Beginning in January 2010, the CLC sponsored a series of articles on predatory lending in the Baptist Standard, the news publication for Texas Baptists. These articles sought to outline a theological foundation for support of payday loan reform and did so relying on the perspectives of notable Bible and ethics scholars in Texas Baptist life. The CLC called on church leaders to preach about the responsible stewardship of resources and how to cultivate a “culture of thrift” through sponsorship of financial seminars to teach congregants and community members how to get and stay out of debt.11

At its annual conference in March 2010, the CLC highlighted the connection between gambling expansion and predatory lending through a focus on financial issues in the church. The conference emphasized the need to reclaim the importance of a culture of thrift.12 The ethics agency also ensured the adoption of a resolution

on fair lending later that year at the convention’s annual gathering. Citing the “more than 2,800 unlicensed and unregulated lending storefronts” in the state, the resolution expressed “deep concern over the currently legal, yet unethical, lending practices being used in economically disadvantaged communities throughout the state,” and urged the passage of “just laws that will limit these unfair lending practices.” It also called on churches to consider starting ministries to assist individuals in personal financial management and stewardship.13

In addition to educating Texas Baptist churches, the CLC focused on mobilizing other faith-based organizations around the issue of predatory lending.
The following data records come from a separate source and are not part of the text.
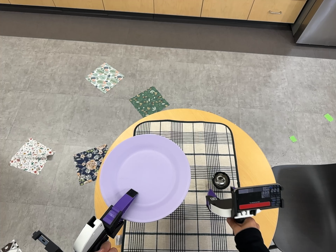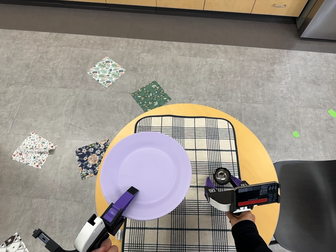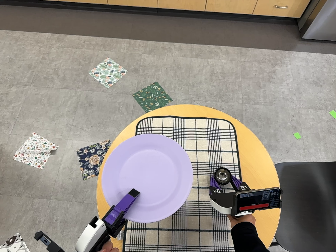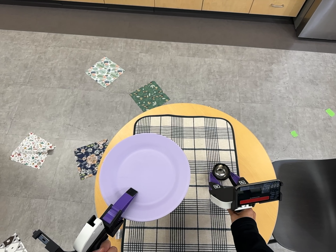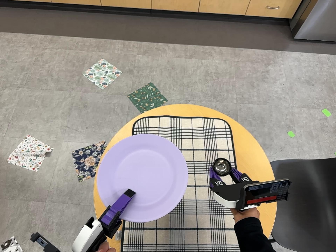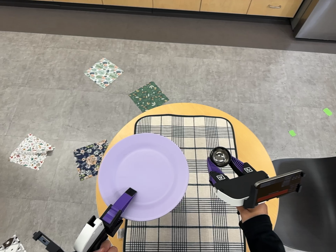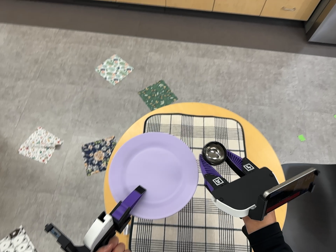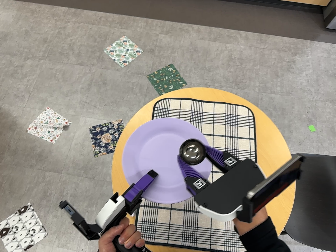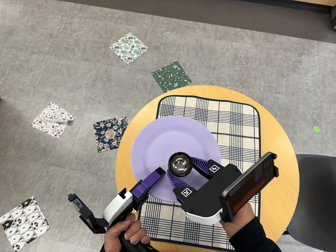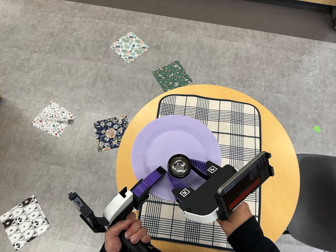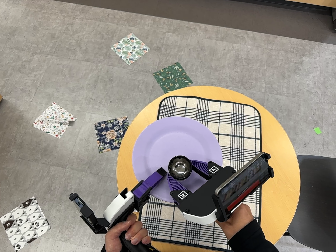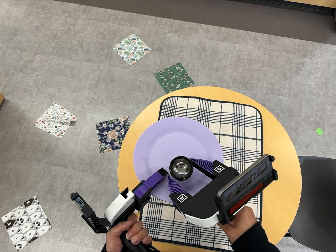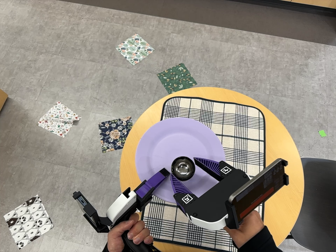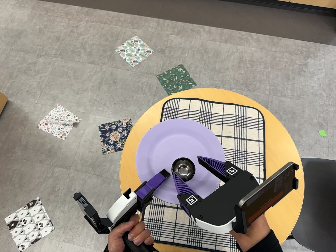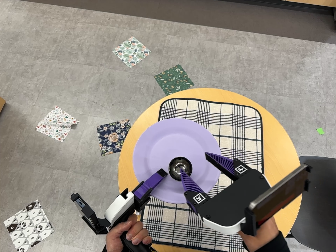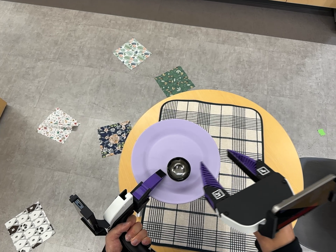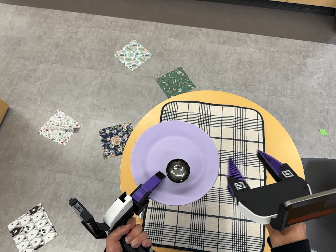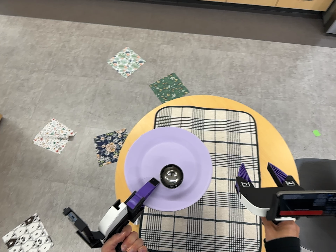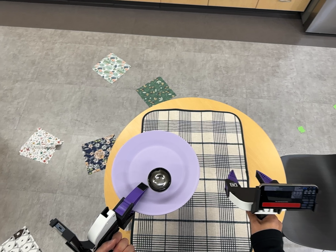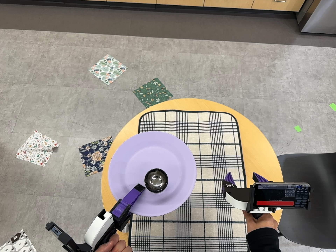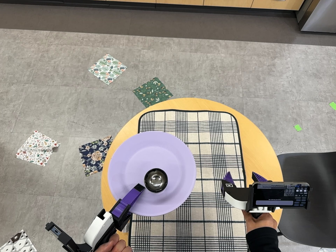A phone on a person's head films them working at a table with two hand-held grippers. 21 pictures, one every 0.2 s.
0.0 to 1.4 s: The camera travels to its left, about 5 cm, so close, fixed things drift to the right.
1.4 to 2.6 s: The camera shifts only a little, or ends up much as it began.
2.6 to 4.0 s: The camera travels to its right, about 5 cm, so close, fixed things drift to the left.
The film runs backward here.
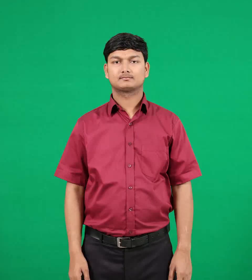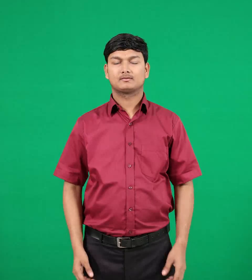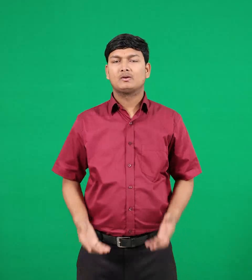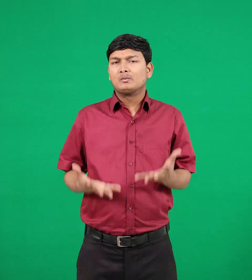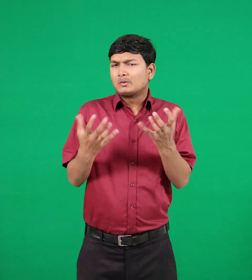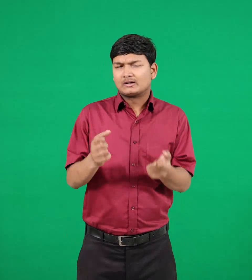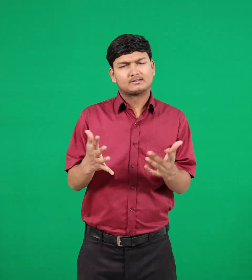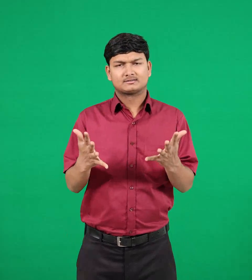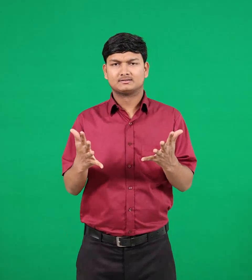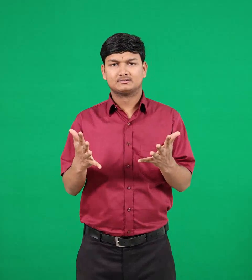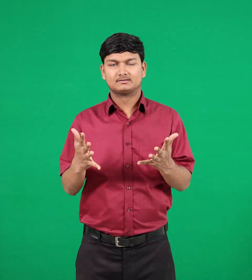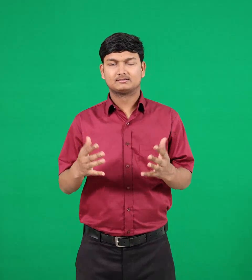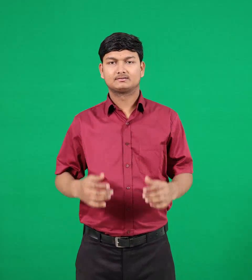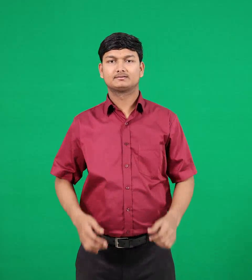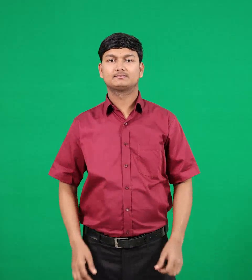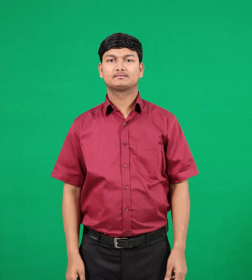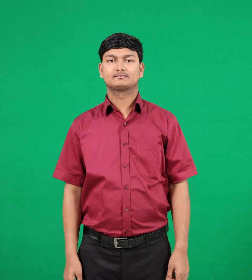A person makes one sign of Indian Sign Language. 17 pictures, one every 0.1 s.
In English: unwant
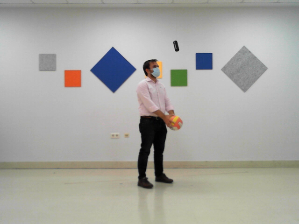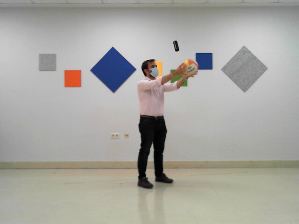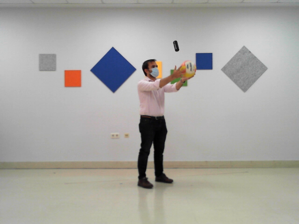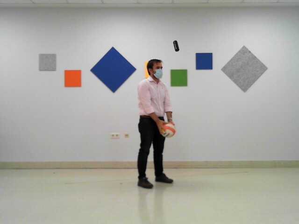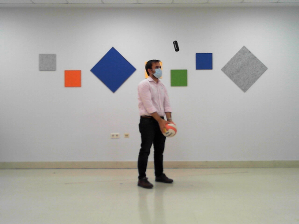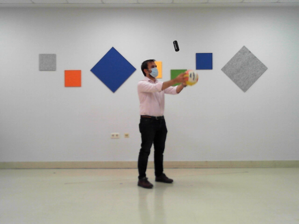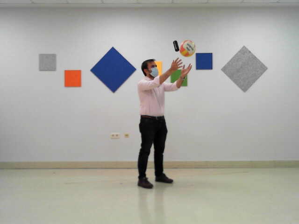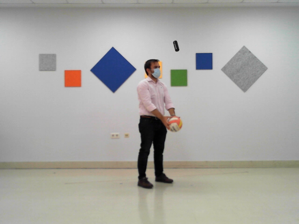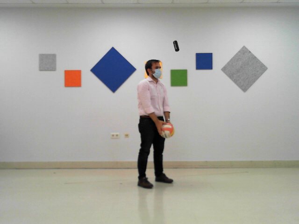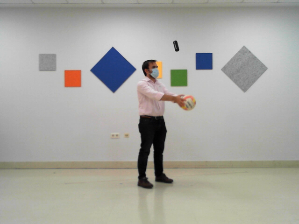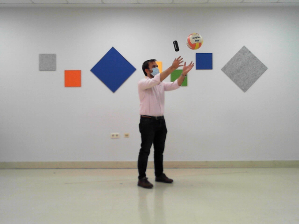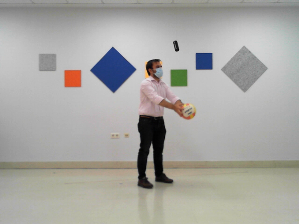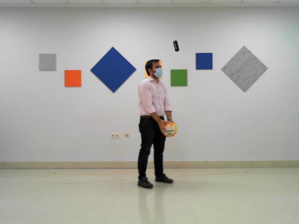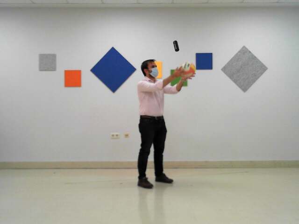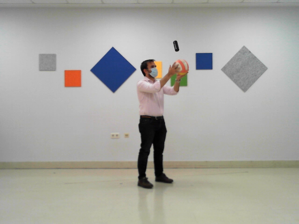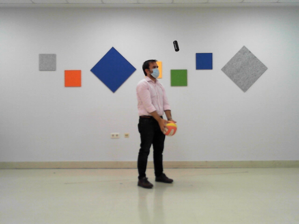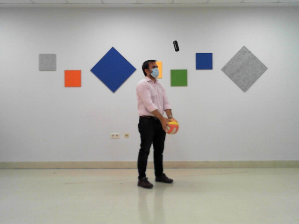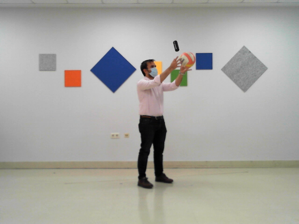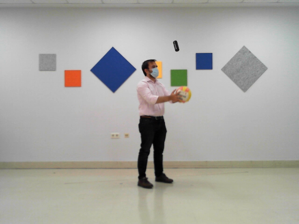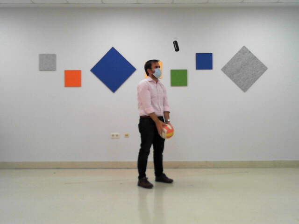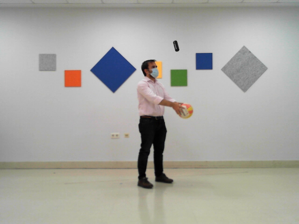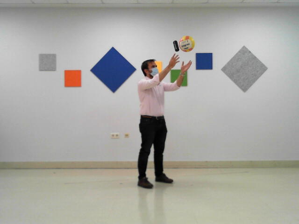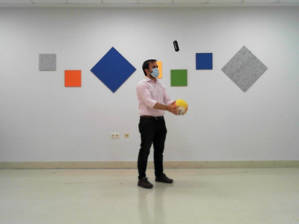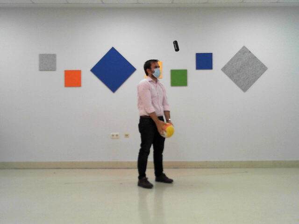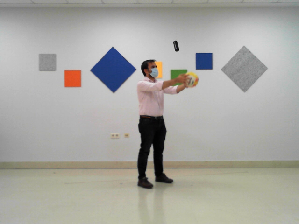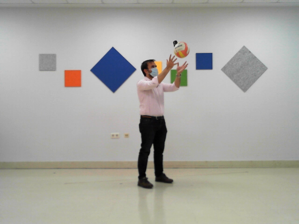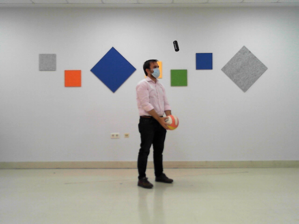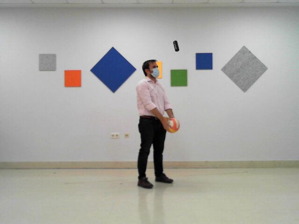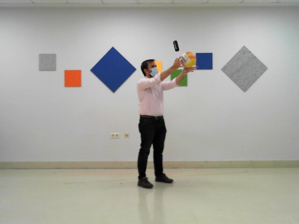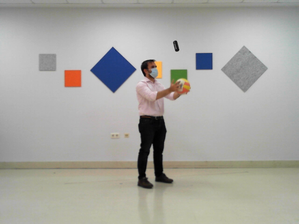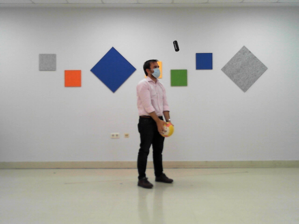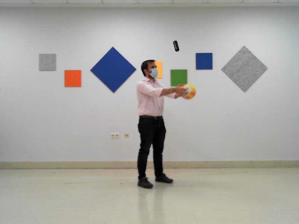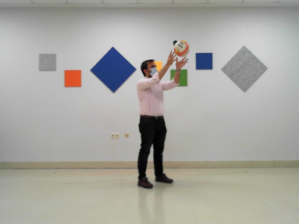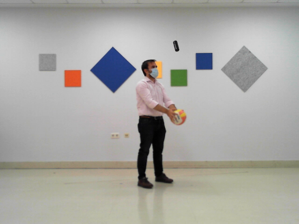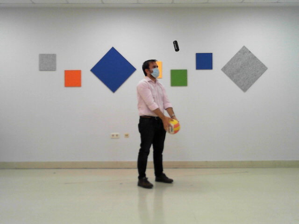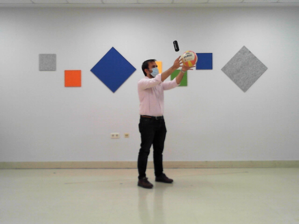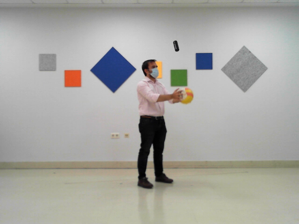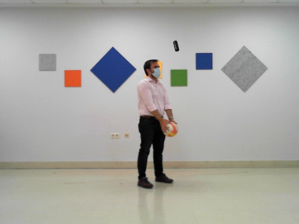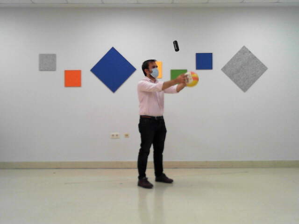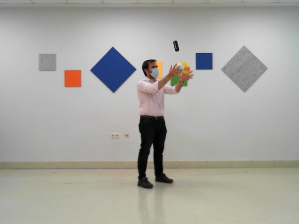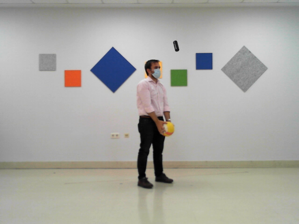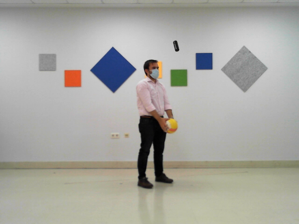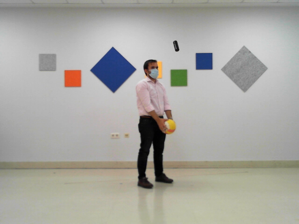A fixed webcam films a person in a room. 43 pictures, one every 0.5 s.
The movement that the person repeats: Throw up a ball and catch it.
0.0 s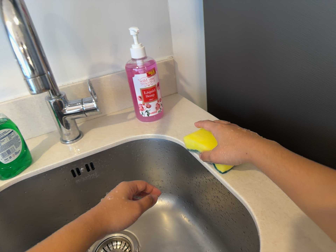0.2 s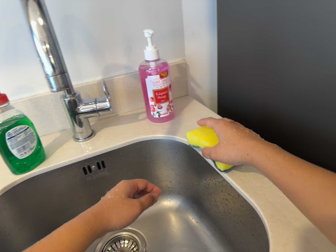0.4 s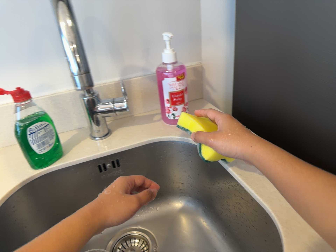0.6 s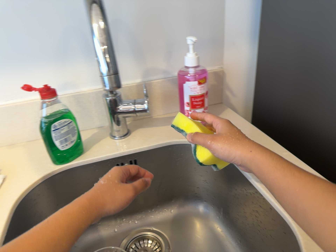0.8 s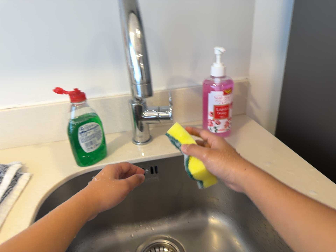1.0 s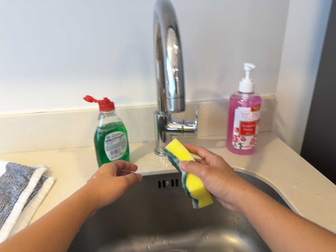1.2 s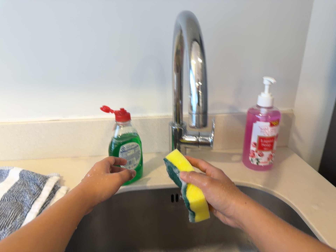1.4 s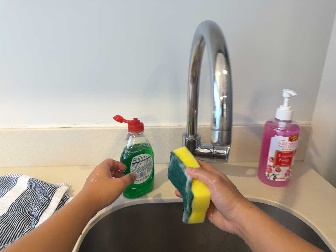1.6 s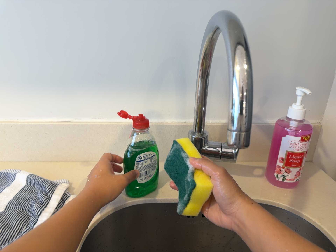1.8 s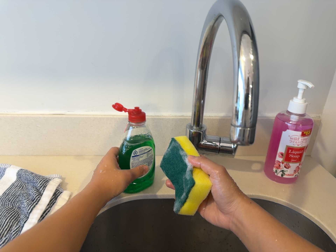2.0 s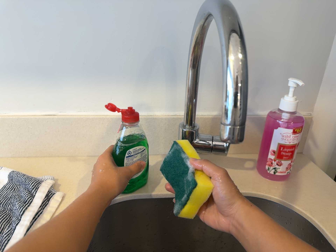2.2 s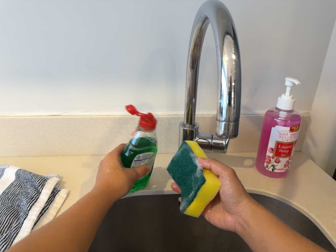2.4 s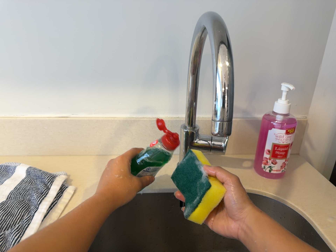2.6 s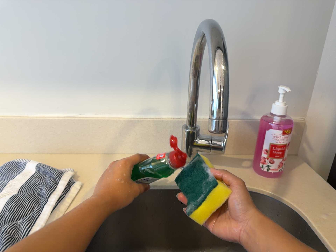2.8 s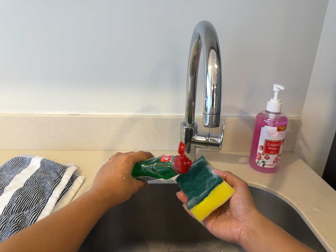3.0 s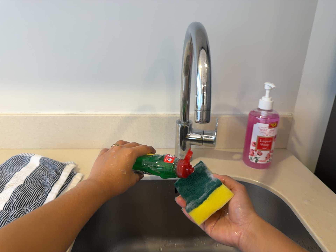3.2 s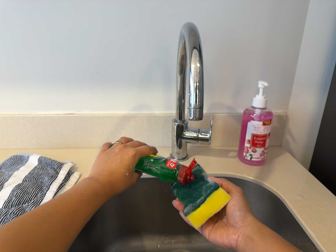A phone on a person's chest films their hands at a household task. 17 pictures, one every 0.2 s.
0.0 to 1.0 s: The scene slides to the right, as the camera pans about 15 degrees to its left. It travels to its left, about 7 cm, so close, fixed things drift to the right. It rolls about its line of sight by about 15 degrees, and the scene rotates clockwise.
1.0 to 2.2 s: The camera travels forward, about 7 cm, so what stands in front looms larger.
2.2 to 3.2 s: The camera travels backward, about 12 cm, so what stands in front gets smaller.
The film runs forward here.
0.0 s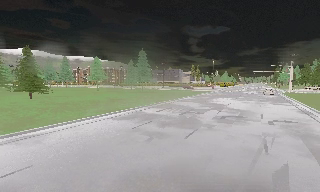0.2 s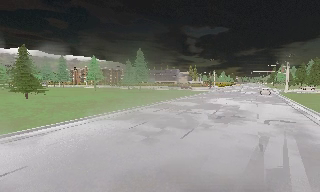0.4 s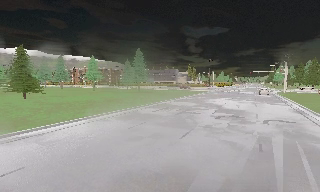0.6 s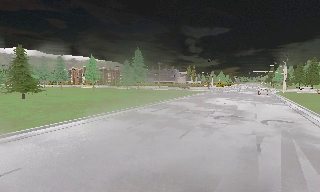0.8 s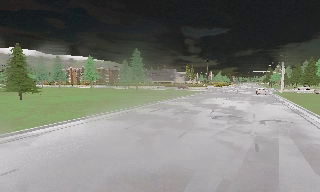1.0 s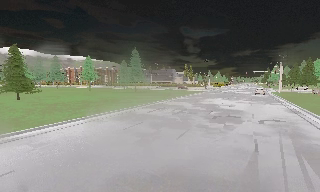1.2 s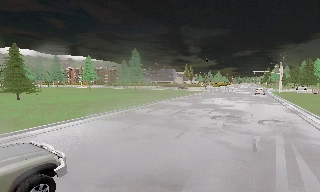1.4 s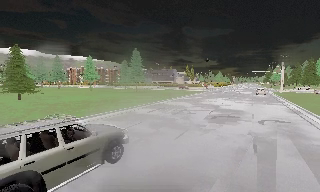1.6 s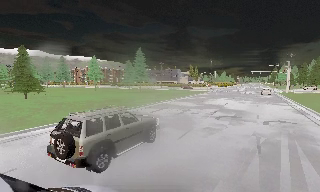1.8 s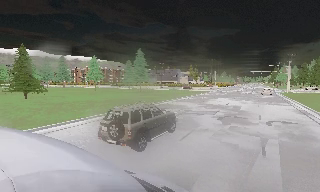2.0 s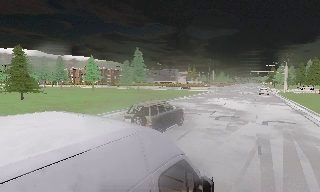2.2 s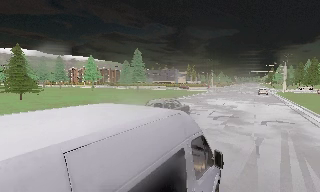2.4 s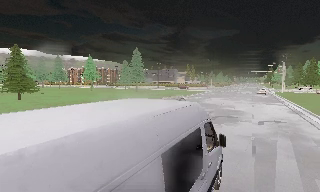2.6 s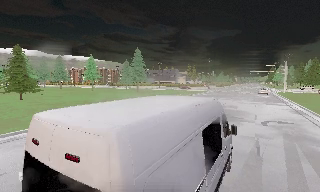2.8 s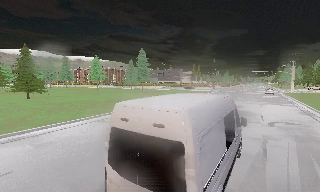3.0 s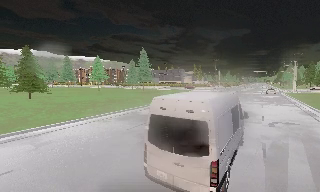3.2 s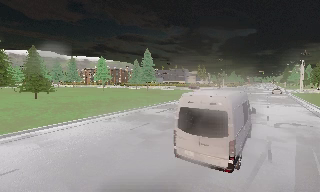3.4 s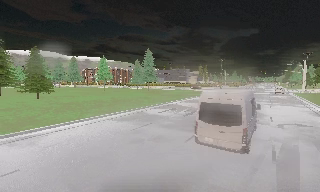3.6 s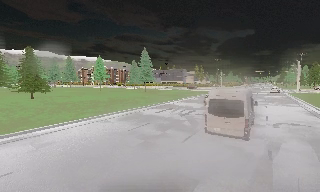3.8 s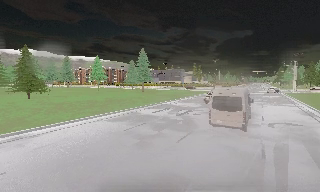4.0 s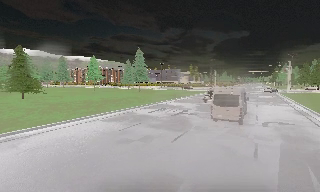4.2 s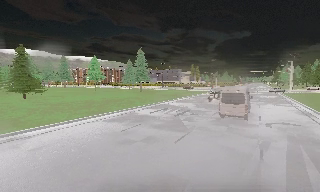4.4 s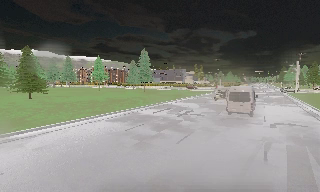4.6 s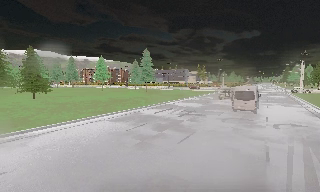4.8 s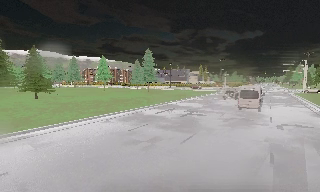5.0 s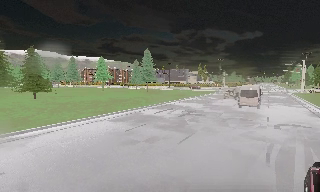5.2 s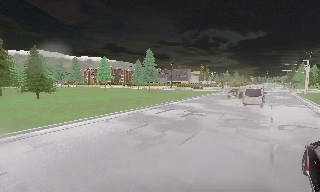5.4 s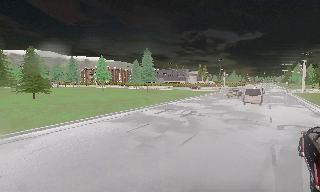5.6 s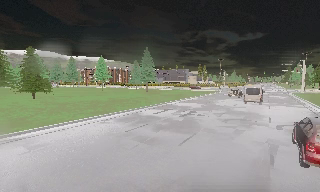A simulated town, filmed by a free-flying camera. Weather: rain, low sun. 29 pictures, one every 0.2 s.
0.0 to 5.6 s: The camera travels forward and to its right, about 1 m, so what stands in front looms larger.
The film runs forward here.

Up until that point, there was no organized faith-based effort to confront the payday loan industry. Partnering with the Texas Catholic Conference and Texas Impact (an interfaith organization), the CLC formed Texas Faith for Fair Lending. This coalition worked to educate the public as well as key stakeholders in Austin about the state’s problem of payday lending. The coalition stressed that its purpose was not to set up a new regulatory system, but to force payday lenders to operate under Section 342 of the Texas Finance Code, which already governed small consumer loans with regulations on rates and fees and oversight through the Office of Consumer Credit Commissioner. The coalition’s ultimate objective was to have the state legislature close the loophole in the Texas Finance Code that allowed payday and auto-title lenders to register as credit service organizations and avoid usury regulations. Texas Faith for Fair Lending emphasized that its purpose was not to shut down payday storefronts but to require them to operate fairly and openly like other lenders in the state.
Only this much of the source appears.